I’m a bit unsure how these work. Am I right in saying that T-Splines uses Sub-D modeling and is not actually NURBS. So therefore it is polygon data which can be converted to NURBS later?
Hi, I’m a developer for T-Splines. Saw this come up on my alerts, figured I’d give a quick response…
Sub-D modeling is used in Maya, T-Splines, and Imagine and Shape, and they all need to keep a control mesh around to work on. They all convert to NURBS when requested. The conversion can’t be exact near star points (extraordinary points), for mathematical reasons.
T-Splines for Rhino converts to NURBS for display, so anytime you’re looking at a T-Spline, you’re actually looking at the NURBS conversion (you can toggle this option for speed if you want). I imagine that Imagine and Shape is doing something similar, but I honestly don’t know.
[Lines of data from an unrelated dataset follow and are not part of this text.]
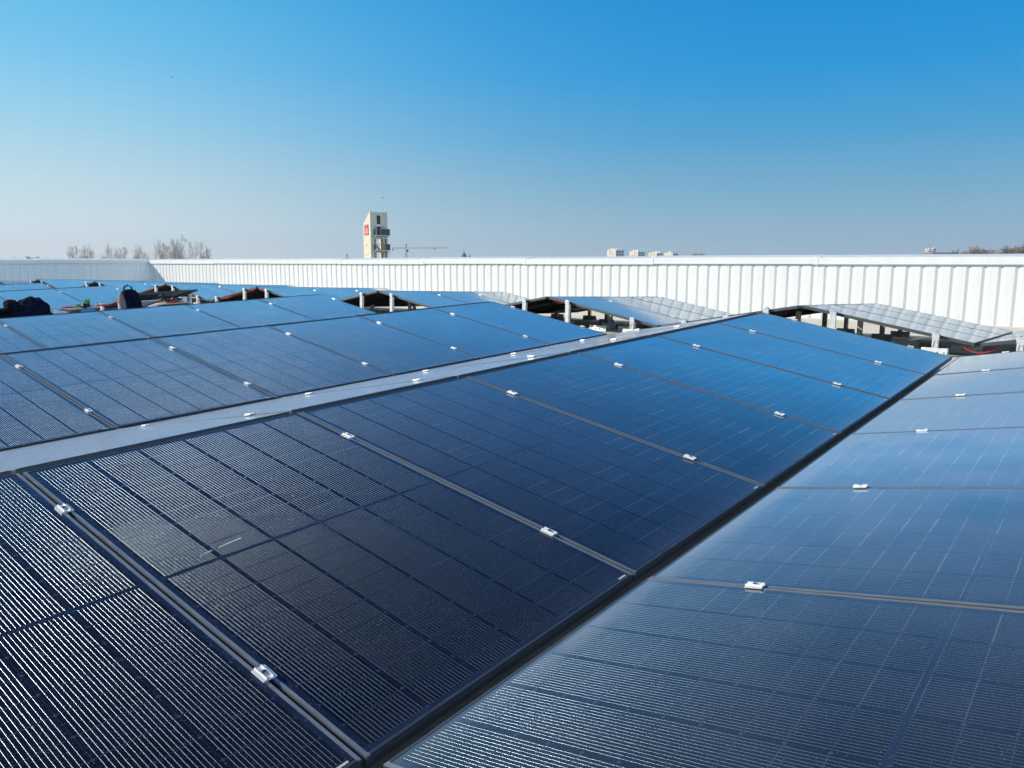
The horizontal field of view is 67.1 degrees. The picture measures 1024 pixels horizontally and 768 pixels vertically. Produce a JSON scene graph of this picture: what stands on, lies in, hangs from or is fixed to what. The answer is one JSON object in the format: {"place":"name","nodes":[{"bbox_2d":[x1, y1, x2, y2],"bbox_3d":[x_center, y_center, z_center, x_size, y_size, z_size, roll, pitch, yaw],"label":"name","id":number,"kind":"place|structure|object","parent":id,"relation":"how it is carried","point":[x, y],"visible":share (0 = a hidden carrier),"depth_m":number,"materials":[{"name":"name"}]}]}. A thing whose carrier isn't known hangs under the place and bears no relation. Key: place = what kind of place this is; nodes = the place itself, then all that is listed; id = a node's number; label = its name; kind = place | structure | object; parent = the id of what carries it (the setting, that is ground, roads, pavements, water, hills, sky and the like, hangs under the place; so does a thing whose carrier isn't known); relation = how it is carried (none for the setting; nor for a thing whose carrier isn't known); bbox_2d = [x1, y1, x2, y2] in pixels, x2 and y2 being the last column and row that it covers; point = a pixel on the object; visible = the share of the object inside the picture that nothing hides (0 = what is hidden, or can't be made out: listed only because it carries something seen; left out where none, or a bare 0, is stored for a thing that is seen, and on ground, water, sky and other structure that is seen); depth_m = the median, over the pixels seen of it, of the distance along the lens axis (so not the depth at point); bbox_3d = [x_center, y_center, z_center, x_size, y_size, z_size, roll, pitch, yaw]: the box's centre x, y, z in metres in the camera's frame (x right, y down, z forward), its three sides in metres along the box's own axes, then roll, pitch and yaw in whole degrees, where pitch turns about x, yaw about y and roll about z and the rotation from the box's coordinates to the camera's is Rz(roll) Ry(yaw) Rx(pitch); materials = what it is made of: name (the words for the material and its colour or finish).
{"place":"outdoors","nodes":[
{"label":"outdoors","id":0,"kind":"place"},
{"bbox_2d":[363,197,389,257],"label":"training tower","id":1,"kind":"structure","parent":0,"point":[375,226],"depth_m":197.74,"materials":[{"name":"concrete"}]},
{"bbox_2d":[0,0,1023,259],"label":"sky","id":2,"kind":"structure","parent":0,"point":[236,128],"materials":[{"name":"blue"}]},
{"bbox_2d":[95,297,1016,767],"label":"roof","id":3,"kind":"structure","parent":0,"point":[923,341],"depth_m":3.55,"materials":[{"name":"black metal"}]},
{"bbox_2d":[0,323,44,352],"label":"solar panel","id":4,"kind":"object","parent":3,"relation":"on","point":[11,340],"visible":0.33,"depth_m":8.18,"materials":[{"name":"blue glass"}]},
{"bbox_2d":[0,283,51,290],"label":"solar panel","id":5,"kind":"object","parent":3,"relation":"on","point":[12,287],"visible":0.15,"depth_m":18.49,"materials":[{"name":"blue glass"}]},
{"bbox_2d":[0,289,82,310],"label":"solar panel","id":6,"kind":"object","parent":3,"relation":"on","point":[54,298],"visible":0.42,"depth_m":15.21,"materials":[{"name":"blue glass"}]},
{"bbox_2d":[0,355,114,450],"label":"solar panel","id":7,"kind":"object","parent":3,"relation":"on","point":[34,410],"visible":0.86,"depth_m":4.82,"materials":[{"name":"blue glass"}]},
{"bbox_2d":[0,338,146,355],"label":"solar panel","id":8,"kind":"object","parent":3,"relation":"on","point":[75,346],"visible":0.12,"depth_m":6.25,"materials":[{"name":"glass"}]},
{"bbox_2d":[0,258,149,284],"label":"parapet wall","id":9,"kind":"structure","parent":3,"relation":"on","point":[33,269],"depth_m":25.95,"materials":[{"name":"white metal"}]},
{"bbox_2d":[0,311,150,347],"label":"solar panel","id":10,"kind":"object","parent":3,"relation":"on","point":[56,330],"visible":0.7,"depth_m":8.89,"materials":[{"name":"blue glass"}]},
{"bbox_2d":[55,286,121,308],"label":"solar panel","id":11,"kind":"object","parent":3,"relation":"on","point":[96,295],"visible":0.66,"depth_m":15.96,"materials":[{"name":"blue glass"}]},
{"bbox_2d":[117,285,141,308],"bbox_3d":[-6.048,-1.229,12.262,0.299,0.694,0.384,5,12,31],"label":"backpack","id":12,"kind":"object","parent":3,"relation":"on","point":[128,298],"visible":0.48,"depth_m":12.17,"materials":[{"name":"black fabric"}]},
{"bbox_2d":[2,339,274,428],"bbox_3d":[-2.773,-0.047,5.712,1.781,0.037,1.142,19,20,35],"label":"solar panel","id":13,"kind":"object","parent":3,"relation":"on","point":[119,385],"visible":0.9,"depth_m":5.61,"materials":[{"name":"blue glass"}]},
{"bbox_2d":[0,412,289,475],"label":"solar panel","id":14,"kind":"object","parent":3,"relation":"on","point":[21,460],"visible":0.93,"depth_m":3.45,"materials":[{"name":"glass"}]},
{"bbox_2d":[141,282,182,286],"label":"solar panel","id":15,"kind":"object","parent":3,"relation":"on","point":[151,284],"visible":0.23,"depth_m":21.14,"materials":[{"name":"blue glass"}]},
{"bbox_2d":[99,305,240,336],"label":"solar panel","id":16,"kind":"object","parent":3,"relation":"on","point":[166,320],"visible":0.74,"depth_m":9.78,"materials":[{"name":"blue glass"}]},
{"bbox_2d":[0,473,362,767],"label":"solar panel","id":17,"kind":"object","parent":3,"relation":"on","point":[109,658],"visible":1,"depth_m":1.79,"materials":[{"name":"black glass"}]},
{"bbox_2d":[188,293,191,303],"bbox_3d":[-6.234,-1.589,14.970,0.250,0.448,0.124,6,13,34],"label":"mounting post","id":18,"kind":"object","parent":3,"relation":"on","point":[190,298],"visible":0.28,"depth_m":14.94,"materials":[{"name":"metal"}]},
{"bbox_2d":[96,289,197,308],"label":"solar panel","id":19,"kind":"object","parent":18,"relation":"attached to","point":[144,296],"visible":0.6,"depth_m":14.63,"materials":[{"name":"glass"}]},
{"bbox_2d":[193,295,199,303],"bbox_3d":[-6.911,-1.835,17.005,0.250,0.254,0.124,7,9,37],"label":"mounting post","id":20,"kind":"object","parent":3,"relation":"on","point":[197,298],"visible":0.65,"depth_m":16.98,"materials":[{"name":"metal"}]},
{"bbox_2d":[166,284,234,300],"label":"solar panel","id":21,"kind":"object","parent":20,"relation":"on","point":[207,292],"visible":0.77,"depth_m":17.83,"materials":[{"name":"blue glass"}]},
{"bbox_2d":[147,326,260,338],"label":"solar panel","id":22,"kind":"object","parent":3,"relation":"on","point":[200,332],"visible":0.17,"depth_m":7.07,"materials":[{"name":"glass"}]},
{"bbox_2d":[213,284,258,291],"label":"solar panel","id":23,"kind":"object","parent":3,"relation":"on","point":[233,288],"visible":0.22,"depth_m":18.84,"materials":[{"name":"blue glass"}]},
{"bbox_2d":[243,288,246,299],"bbox_3d":[-5.496,-1.756,15.888,0.250,0.448,0.124,6,9,35],"label":"mounting post","id":24,"kind":"object","parent":3,"relation":"on","point":[244,294],"visible":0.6,"depth_m":15.86,"materials":[{"name":"metal"}]},
{"bbox_2d":[209,287,276,301],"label":"solar panel","id":25,"kind":"object","parent":24,"relation":"on","point":[256,293],"visible":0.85,"depth_m":16.73,"materials":[{"name":"glass"}]},
{"bbox_2d":[187,299,313,327],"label":"solar panel","id":26,"kind":"object","parent":3,"relation":"on","point":[247,313],"visible":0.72,"depth_m":10.68,"materials":[{"name":"blue glass"}]},
{"bbox_2d":[153,326,391,398],"bbox_3d":[-2.057,-0.221,6.600,1.781,0.035,1.142,20,21,35],"label":"solar panel","id":27,"kind":"object","parent":3,"relation":"on","point":[275,363],"visible":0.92,"depth_m":6.51,"materials":[{"name":"blue glass"}]},
{"bbox_2d":[127,376,456,427],"bbox_3d":[-1.355,0.129,4.604,1.781,0.038,1.142,-6,5,39],"label":"solar panel","id":28,"kind":"object","parent":3,"relation":"on","point":[296,404],"visible":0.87,"depth_m":4.38,"materials":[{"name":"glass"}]},
{"bbox_2d":[258,287,339,299],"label":"solar panel","id":29,"kind":"object","parent":3,"relation":"on","point":[288,291],"visible":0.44,"depth_m":15.77,"materials":[{"name":"blue glass"}]},
{"bbox_2d":[258,294,375,319],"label":"solar panel","id":30,"kind":"object","parent":3,"relation":"on","point":[317,307],"visible":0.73,"depth_m":11.57,"materials":[{"name":"blue glass"}]},
{"bbox_2d":[23,412,632,767],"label":"solar panel","id":31,"kind":"object","parent":3,"relation":"on","point":[368,606],"visible":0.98,"depth_m":2.38,"materials":[{"name":"blue glass"}]},
{"bbox_2d":[55,503,73,513],"bbox_3d":[-1.429,0.409,2.467,0.052,0.041,0.038,20,21,35],"label":"panel clamp","id":32,"kind":"object","parent":31,"relation":"attached to","point":[64,508],"visible":0.86,"depth_m":2.46,"materials":[{"name":"silver metal"}]},
{"bbox_2d":[251,664,276,682],"bbox_3d":[-0.595,0.705,1.853,0.052,0.041,0.038,20,21,36],"label":"panel clamp","id":33,"kind":"object","parent":31,"relation":"attached to","point":[263,673],"visible":0.89,"depth_m":1.84,"materials":[{"name":"silver metal"}]},
{"bbox_2d":[306,287,364,298],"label":"solar panel","id":34,"kind":"object","parent":3,"relation":"on","point":[341,293],"visible":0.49,"depth_m":16.62,"materials":[{"name":"blue glass"}]},
{"bbox_2d":[350,288,392,292],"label":"solar panel","id":35,"kind":"object","parent":3,"relation":"on","point":[365,290],"visible":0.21,"depth_m":17.68,"materials":[{"name":"blue glass"}]},
{"bbox_2d":[269,316,480,375],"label":"solar panel","id":36,"kind":"object","parent":3,"relation":"on","point":[387,349],"visible":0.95,"depth_m":7.41,"materials":[{"name":"blue glass"}]},
{"bbox_2d":[408,302,411,309],"bbox_3d":[-1.929,-1.470,14.587,0.250,0.376,0.124,7,9,38],"label":"support leg","id":37,"kind":"object","parent":3,"relation":"on","point":[409,305],"visible":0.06,"depth_m":14.57,"materials":[{"name":"metal"}]},
{"bbox_2d":[339,291,397,306],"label":"solar panel","id":38,"kind":"object","parent":37,"relation":"on","point":[373,297],"visible":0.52,"depth_m":14.45,"materials":[{"name":"black glass"}]},
{"bbox_2d":[364,291,463,306],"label":"solar panel","id":39,"kind":"object","parent":37,"relation":"on","point":[399,303],"visible":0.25,"depth_m":15.75,"materials":[{"name":"black glass"}]},
{"bbox_2d":[281,352,568,397],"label":"solar panel","id":40,"kind":"object","parent":3,"relation":"on","point":[464,371],"visible":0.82,"depth_m":5.32,"materials":[{"name":"grey glass"}]},
{"bbox_2d":[360,308,550,358],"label":"solar panel","id":41,"kind":"object","parent":3,"relation":"on","point":[481,340],"visible":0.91,"depth_m":8.31,"materials":[{"name":"blue glass"}]},
{"bbox_2d":[434,302,606,344],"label":"solar panel","id":42,"kind":"object","parent":3,"relation":"on","point":[545,329],"visible":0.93,"depth_m":9.20,"materials":[{"name":"blue glass"}]},
{"bbox_2d":[401,335,649,374],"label":"solar panel","id":43,"kind":"object","parent":3,"relation":"on","point":[579,348],"visible":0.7,"depth_m":6.21,"materials":[{"name":"grey glass"}]},
{"bbox_2d":[300,377,762,581],"bbox_3d":[0.068,0.305,3.492,1.781,0.036,1.142,20,20,35],"label":"solar panel","id":44,"kind":"object","parent":3,"relation":"on","point":[636,508],"visible":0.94,"depth_m":3.33,"materials":[{"name":"blue glass"}]},
{"bbox_2d":[565,299,570,322],"bbox_3d":[0.790,-0.976,10.977,0.250,0.448,0.124,8,10,40],"label":"mounting post","id":45,"kind":"object","parent":3,"relation":"on","point":[567,309],"visible":0.59,"depth_m":10.95,"materials":[{"name":"metal"}]},
{"bbox_2d":[561,305,576,324],"bbox_3d":[0.912,-1.117,12.367,0.250,0.376,0.124,7,9,38],"label":"support leg","id":46,"kind":"object","parent":3,"relation":"on","point":[573,322],"visible":0.13,"depth_m":12.35,"materials":[{"name":"metal"}]},
{"bbox_2d":[504,296,587,309],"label":"solar panel","id":47,"kind":"object","parent":46,"relation":"on","point":[537,301],"visible":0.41,"depth_m":11.89,"materials":[{"name":"black glass"}]},
{"bbox_2d":[148,254,1023,332],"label":"parapet wall","id":48,"kind":"structure","parent":3,"relation":"on","point":[985,289],"depth_m":14.78,"materials":[{"name":"white metal"}]},
{"bbox_2d":[489,322,709,357],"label":"solar panel","id":49,"kind":"object","parent":3,"relation":"on","point":[652,333],"visible":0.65,"depth_m":7.13,"materials":[{"name":"grey glass"}]},
{"bbox_2d":[589,325,609,331],"bbox_3d":[1.266,-0.813,11.229,0.300,0.082,0.124,8,10,41],"label":"loose bracket","id":50,"kind":"object","parent":3,"relation":"on","point":[604,328],"visible":0.97,"depth_m":11.18,"materials":[{"name":"metal"}]},
{"bbox_2d":[599,314,613,323],"bbox_3d":[1.627,-1.218,13.267,0.250,0.376,0.124,7,9,38],"label":"support leg","id":51,"kind":"object","parent":3,"relation":"on","point":[604,320],"visible":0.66,"depth_m":13.26,"materials":[{"name":"metal"}]},
{"bbox_2d":[527,296,589,313],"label":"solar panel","id":52,"kind":"object","parent":51,"relation":"on","point":[551,306],"visible":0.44,"depth_m":13.58,"materials":[{"name":"glass"}]},
{"bbox_2d":[602,315,618,328],"bbox_3d":[1.516,-1.043,11.895,0.250,0.376,0.124,7,9,38],"label":"support leg","id":53,"kind":"object","parent":3,"relation":"on","point":[611,324],"visible":0.55,"depth_m":11.88,"materials":[{"name":"metal"}]},
{"bbox_2d":[596,297,713,320],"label":"solar panel","id":54,"kind":"object","parent":53,"relation":"on","point":[661,309],"visible":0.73,"depth_m":12.04,"materials":[{"name":"grey glass"}]},
{"bbox_2d":[467,353,839,491],"bbox_3d":[0.784,0.131,4.380,1.781,0.036,1.142,20,21,35],"label":"solar panel","id":55,"kind":"object","parent":3,"relation":"on","point":[765,449],"visible":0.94,"depth_m":4.25,"materials":[{"name":"blue glass"}]},
{"bbox_2d":[562,312,756,343],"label":"solar panel","id":56,"kind":"object","parent":3,"relation":"on","point":[715,320],"visible":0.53,"depth_m":8.03,"materials":[{"name":"grey glass"}]},
{"bbox_2d":[383,578,1023,767],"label":"solar panel","id":57,"kind":"object","parent":3,"relation":"on","point":[654,673],"visible":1,"depth_m":1.69,"materials":[{"name":"blue glass"}]},
{"bbox_2d":[744,581,765,588],"bbox_3d":[0.718,0.605,2.275,0.052,0.041,0.038,-6,5,40],"label":"panel clamp","id":58,"kind":"object","parent":57,"relation":"attached to","point":[756,585],"visible":0.82,"depth_m":2.27,"materials":[{"name":"silver metal"}]},
{"bbox_2d":[578,336,889,437],"bbox_3d":[1.500,-0.043,5.269,1.781,0.035,1.142,20,20,35],"label":"solar panel","id":59,"kind":"object","parent":3,"relation":"on","point":[842,410],"visible":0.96,"depth_m":5.16,"materials":[{"name":"blue glass"}]},
{"bbox_2d":[658,323,925,402],"bbox_3d":[2.215,-0.217,6.157,1.781,0.035,1.142,20,20,35],"label":"solar panel","id":60,"kind":"object","parent":3,"relation":"on","point":[891,383],"visible":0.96,"depth_m":6.06,"materials":[{"name":"blue glass"}]},
{"bbox_2d":[829,309,837,328],"bbox_3d":[3.631,-0.624,8.757,0.250,0.448,0.124,6,9,35],"label":"mounting post","id":61,"kind":"object","parent":3,"relation":"on","point":[834,313],"visible":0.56,"depth_m":8.72,"materials":[{"name":"metal"}]},
{"bbox_2d":[718,313,951,377],"bbox_3d":[2.931,-0.391,7.045,1.781,0.035,1.142,20,20,35],"label":"solar panel","id":62,"kind":"object","parent":3,"relation":"on","point":[927,363],"visible":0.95,"depth_m":6.97,"materials":[{"name":"blue glass"}]},
{"bbox_2d":[650,488,1023,610],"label":"solar panel","id":63,"kind":"object","parent":3,"relation":"on","point":[959,546],"visible":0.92,"depth_m":2.49,"materials":[{"name":"blue glass"}]},
{"bbox_2d":[837,317,854,333],"bbox_3d":[5.153,-0.962,11.908,0.250,0.376,0.124,7,9,38],"label":"support leg","id":64,"kind":"object","parent":3,"relation":"on","point":[845,328],"visible":0.46,"depth_m":11.89,"materials":[{"name":"metal"}]},
{"bbox_2d":[871,325,891,340],"bbox_3d":[5.072,-0.791,10.575,0.250,0.376,0.124,7,9,38],"label":"support leg","id":65,"kind":"object","parent":3,"relation":"on","point":[881,335],"visible":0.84,"depth_m":10.56,"materials":[{"name":"metal"}]},
{"bbox_2d":[836,304,1001,339],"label":"solar panel","id":66,"kind":"object","parent":65,"relation":"on","point":[949,326],"visible":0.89,"depth_m":9.76,"materials":[{"name":"grey glass"}]},
{"bbox_2d":[860,304,1012,335],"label":"solar panel","id":67,"kind":"object","parent":65,"relation":"on","point":[1003,332],"visible":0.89,"depth_m":10.66,"materials":[{"name":"grey glass"}]},
{"bbox_2d":[776,427,1023,487],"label":"solar panel","id":68,"kind":"object","parent":3,"relation":"on","point":[979,458],"visible":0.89,"depth_m":3.46,"materials":[{"name":"blue glass"}]},
{"bbox_2d":[890,330,909,336],"bbox_3d":[5.757,-0.887,11.436,0.250,0.376,0.124,7,9,38],"label":"support leg","id":69,"kind":"object","parent":3,"relation":"on","point":[900,333],"visible":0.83,"depth_m":11.42,"materials":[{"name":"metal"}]},
{"bbox_2d":[891,340,919,347],"bbox_3d":[4.676,-0.473,9.197,0.300,0.082,0.124,7,9,36],"label":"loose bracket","id":70,"kind":"object","parent":3,"relation":"on","point":[915,344],"visible":0.53,"depth_m":9.14,"materials":[{"name":"metal"}]},
{"bbox_2d":[921,332,948,355],"bbox_3d":[4.453,-0.425,8.125,0.250,0.254,0.124,7,9,38],"label":"mounting post","id":71,"kind":"object","parent":3,"relation":"on","point":[934,347],"visible":0.82,"depth_m":8.10,"materials":[{"name":"metal"}]},
{"bbox_2d":[851,392,1023,433],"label":"solar panel","id":72,"kind":"object","parent":3,"relation":"on","point":[1000,410],"visible":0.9,"depth_m":4.41,"materials":[{"name":"blue glass"}]},
{"bbox_2d":[941,341,965,349],"bbox_3d":[5.179,-0.491,9.044,0.250,0.181,0.124,7,9,38],"label":"support leg","id":73,"kind":"object","parent":3,"relation":"on","point":[946,344],"visible":0.44,"depth_m":9.05,"materials":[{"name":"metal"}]},
{"bbox_2d":[803,305,989,345],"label":"solar panel","id":74,"kind":"object","parent":73,"relation":"on","point":[921,329],"visible":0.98,"depth_m":8.71,"materials":[{"name":"grey glass"}]},
{"bbox_2d":[900,368,1023,399],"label":"solar panel","id":75,"kind":"object","parent":3,"relation":"on","point":[983,382],"visible":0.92,"depth_m":5.34,"materials":[{"name":"blue glass"}]},
{"bbox_2d":[950,344,982,353],"bbox_3d":[5.078,-0.390,8.630,0.300,0.082,0.124,7,9,36],"label":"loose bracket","id":76,"kind":"object","parent":3,"relation":"on","point":[958,348],"visible":0.87,"depth_m":8.60,"materials":[{"name":"metal"}]},
{"bbox_2d":[934,351,1023,374],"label":"solar panel","id":77,"kind":"object","parent":3,"relation":"on","point":[994,361],"visible":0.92,"depth_m":6.26,"materials":[{"name":"blue glass"}]},
{"bbox_2d":[1016,336,1023,350],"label":"mounting post","id":78,"kind":"object","parent":3,"relation":"on","point":[1020,343],"visible":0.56,"depth_m":7.64,"materials":[{"name":"metal"}]},
{"bbox_2d":[980,336,1023,346],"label":"solar panel","id":79,"kind":"object","parent":78,"relation":"on","point":[1004,340],"visible":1,"depth_m":7.88,"materials":[{"name":"grey glass"}]},
{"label":"support leg","id":80,"kind":"object","parent":3,"relation":"on","visible":0},
{"bbox_2d":[661,305,808,325],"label":"solar panel","id":81,"kind":"object","parent":80,"relation":"on","point":[788,309],"visible":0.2,"depth_m":9.61,"materials":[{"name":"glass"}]},
{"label":"support leg","id":82,"kind":"object","parent":3,"relation":"on","visible":0},
{"bbox_2d":[549,297,681,326],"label":"solar panel","id":83,"kind":"object","parent":82,"relation":"on","point":[626,312],"visible":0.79,"depth_m":11.01,"materials":[{"name":"blue glass"}]},
{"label":"support leg","id":84,"kind":"object","parent":3,"relation":"on","visible":0},
{"bbox_2d":[632,297,733,316],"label":"solar panel","id":85,"kind":"object","parent":84,"relation":"on","point":[701,310],"visible":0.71,"depth_m":12.97,"materials":[{"name":"grey glass"}]},
{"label":"support leg","id":86,"kind":"object","parent":3,"relation":"on","visible":0},
{"bbox_2d":[379,291,467,307],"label":"solar panel","id":87,"kind":"object","parent":86,"relation":"on","point":[426,299],"visible":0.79,"depth_m":13.41,"materials":[{"name":"blue glass"}]},
{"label":"support leg","id":88,"kind":"object","parent":3,"relation":"on","visible":0},
{"bbox_2d":[470,292,529,302],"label":"solar panel","id":89,"kind":"object","parent":88,"relation":"on","point":[506,297],"visible":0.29,"depth_m":15.32,"materials":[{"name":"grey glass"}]},
{"bbox_3d":[-9.163,-2.114,18.765,0.250,0.253,0.124,8,10,41],"label":"mounting post","id":90,"kind":"object","parent":3,"relation":"on","visible":0},
{"bbox_2d":[138,283,177,292],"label":"solar panel","id":91,"kind":"object","parent":90,"relation":"attached to","point":[163,287],"visible":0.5,"depth_m":18.51,"materials":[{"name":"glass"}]},
{"bbox_3d":[-10.573,-2.385,19.856,0.250,0.448,0.124,7,9,38],"label":"mounting post","id":92,"kind":"object","parent":3,"relation":"on","visible":0},
{"bbox_2d":[95,281,152,291],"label":"solar panel","id":93,"kind":"object","parent":92,"relation":"attached to","point":[136,286],"visible":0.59,"depth_m":20.19,"materials":[{"name":"blue glass"}]},
{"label":"mounting post","id":94,"kind":"object","parent":3,"relation":"on","visible":0},
{"bbox_2d":[38,279,84,287],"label":"solar panel","id":95,"kind":"object","parent":94,"relation":"attached to","point":[59,283],"visible":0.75,"depth_m":22.30,"materials":[{"name":"blue glass"}]},
{"bbox_2d":[607,247,623,255],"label":"tower block","id":96,"kind":"structure","parent":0,"point":[614,252],"depth_m":892.28,"materials":[{"name":"white paint"}]},
{"label":"ground","id":97,"kind":"structure","parent":0,"visible":0},
{"bbox_2d":[169,234,202,258],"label":"bare tree","id":98,"kind":"object","parent":97,"relation":"on","point":[180,257],"visible":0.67,"depth_m":149.90,"materials":[{"name":"brown plant"}]},
{"bbox_2d":[963,245,1002,253],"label":"bare tree","id":99,"kind":"object","parent":97,"relation":"on","point":[976,250],"visible":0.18,"depth_m":260.00,"materials":[{"name":"brown plant"}]},
{"bbox_2d":[1000,241,1023,253],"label":"bare tree","id":100,"kind":"object","parent":97,"relation":"on","point":[1019,250],"visible":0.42,"depth_m":256.01,"materials":[{"name":"brown plant"}]},
{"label":"support leg","id":101,"kind":"object","parent":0,"visible":0},
{"bbox_2d":[427,291,508,303],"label":"solar panel","id":102,"kind":"object","parent":101,"relation":"on","point":[467,297],"visible":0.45,"depth_m":14.45,"materials":[{"name":"blue glass"}]},
{"bbox_3d":[-6.598,-0.791,9.820,0.258,0.281,0.494,7,13,38],"label":"sleeve","id":103,"kind":"object","parent":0,"visible":0},
{"bbox_2d":[3,296,52,317],"bbox_3d":[-6.418,-0.909,10.106,0.425,0.468,0.887,7,13,38],"label":"jacket","id":104,"kind":"object","parent":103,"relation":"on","point":[32,306],"visible":0.41,"depth_m":10.09,"materials":[{"name":"black fabric"}]},
{"bbox_2d":[0,299,24,312],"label":"cap","id":105,"kind":"object","parent":104,"relation":"on","point":[10,305],"visible":1,"depth_m":9.88,"materials":[{"name":"black fabric"}]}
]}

Maya only converts when you run the convert command, and most of the time is successful, although there are a few unusual cases where the conversion fails.
The main difference with T-Splines is that the surface type is compatible with degree-3 NURBS - that is, you can convert any untrimmed degree-3 NURBS to a T-Spline, and it remains exactly the same shape, with the same control points in the same positions. Then you can take that shape and do Sub-D style modeling with it, extruding faces, etc. You can also have rows of control points that T-off, stopping abruptly while keeping a well-behaved smooth surface. So, you’ve got more options for how to lay out your topology. In terms of NURBS compatibility, any command that takes NURBS surfaces in Rhino will take T-Splines as well.
I think Imagine and Shape’s main advantage is that they deal well with trimmed surfaces, and they’re integrated with Catia. But I’ve never been able to try Imagine and Shape, so I don’t really know.
Again, I’m obviously biased, but this is my understanding of how the surfacing technology of the three products compare. Hope it’s helpful…
Thanks for the info Tom. So in essence you’re working on a polygon cage which is being converted live to Nurbs (maybe it goes from polygons to a sub-d to a Nurbs conversion?).
Do you get exactly the same result with a surface contaning a T-Off compared to one that doesn’t?